• **WORK REQUEST**: All of the data must be output exactly, with every picture left out.

• **INPUT RECORDS**:

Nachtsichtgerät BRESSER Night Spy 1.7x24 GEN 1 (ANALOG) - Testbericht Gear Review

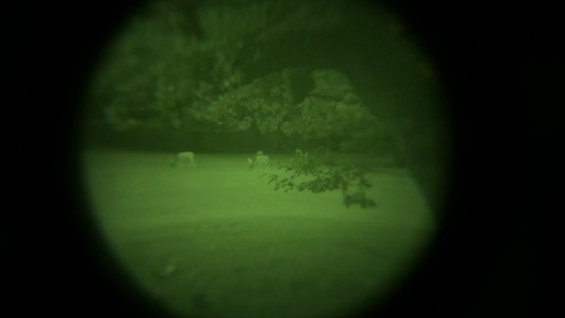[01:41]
Der Seefeldwinkel beträgt 14,28 Grad, was auf 100 Meter ein Seefeld von 25 Metern ergibt.
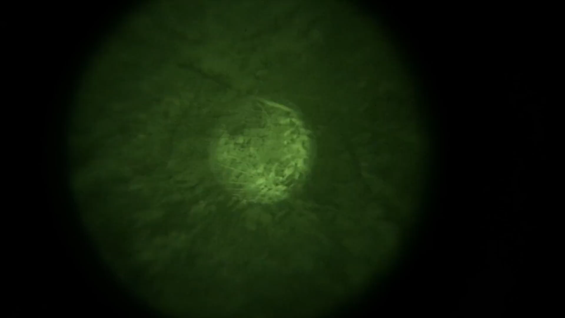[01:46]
Das ist natürlich von Vorteil, wenn man einen größeren Bereich beobachten möchte, um dann eventuell andere Geräte mit höherem Vergrößerungsfaktor einzusetzen.
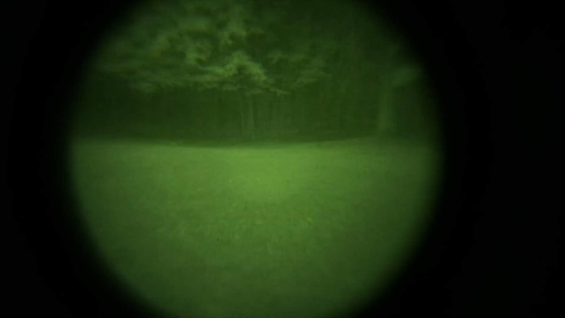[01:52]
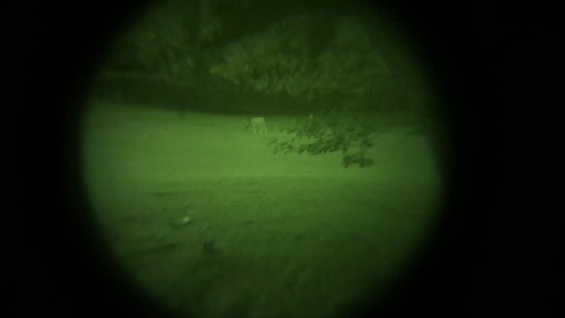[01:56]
Die Abbildungsqualität finde ich für ein Gerät dieser Preisklasse recht gut und auch die Randunschärfe hält sich in Grenzen.
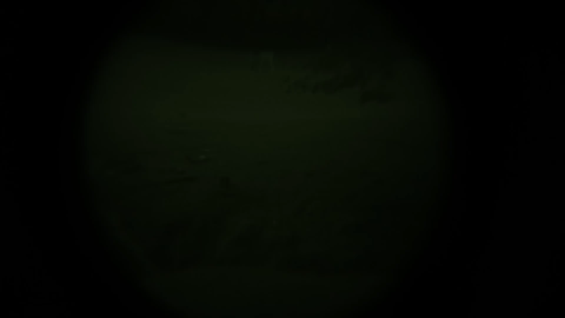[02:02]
Bei Dämmerung kommt das Nightspy gut ohne den integrierten IE-Auffäller zurecht.
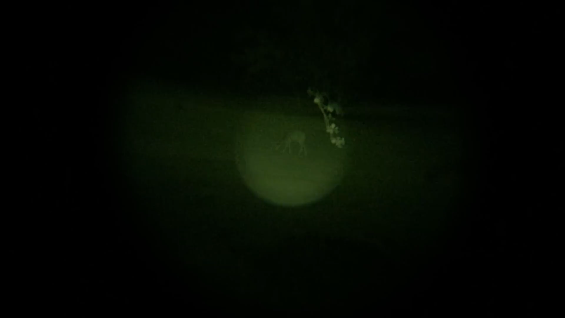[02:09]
Sollte es allerdings in dunkle Bereiche ohne Restlicht gehen, ist ein Arbeiten ohne den Auffäller nicht möglich.
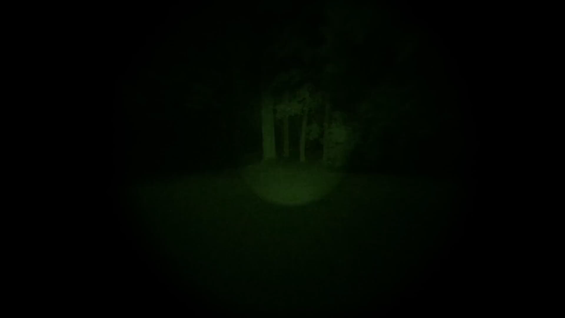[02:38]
Anzumerken ist, dass das Seefeld bei Dunkelheit fast komplett auf den IE-Auffäller reduziert wird, da der nicht ausgeleuchtete Teil zu wenig aufgehellt wird.

• **TASK SOLUTION**:
Nachtsichtgerät BRESSER Night Spy 1.7x24 GEN 1 (ANALOG) - Testbericht Gear Review

[01:41]
Der Seefeldwinkel beträgt 14,28 Grad, was auf 100 Meter ein Seefeld von 25 Metern ergibt.
[01:46]
Das ist natürlich von Vorteil, wenn man einen größeren Bereich beobachten möchte, um dann eventuell andere Geräte mit höherem Vergrößerungsfaktor einzusetzen.
[01:52]
[01:56]
Die Abbildungsqualität finde ich für ein Gerät dieser Preisklasse recht gut und auch die Randunschärfe hält sich in Grenzen.
[02:02]
Bei Dämmerung kommt das Nightspy gut ohne den integrierten IE-Auffäller zurecht.
[02:09]
Sollte es allerdings in dunkle Bereiche ohne Restlicht gehen, ist ein Arbeiten ohne den Auffäller nicht möglich.
[02:38]
Anzumerken ist, dass das Seefeld bei Dunkelheit fast komplett auf den IE-Auffäller reduziert wird, da der nicht ausgeleuchtete Teil zu wenig aufgehellt wird.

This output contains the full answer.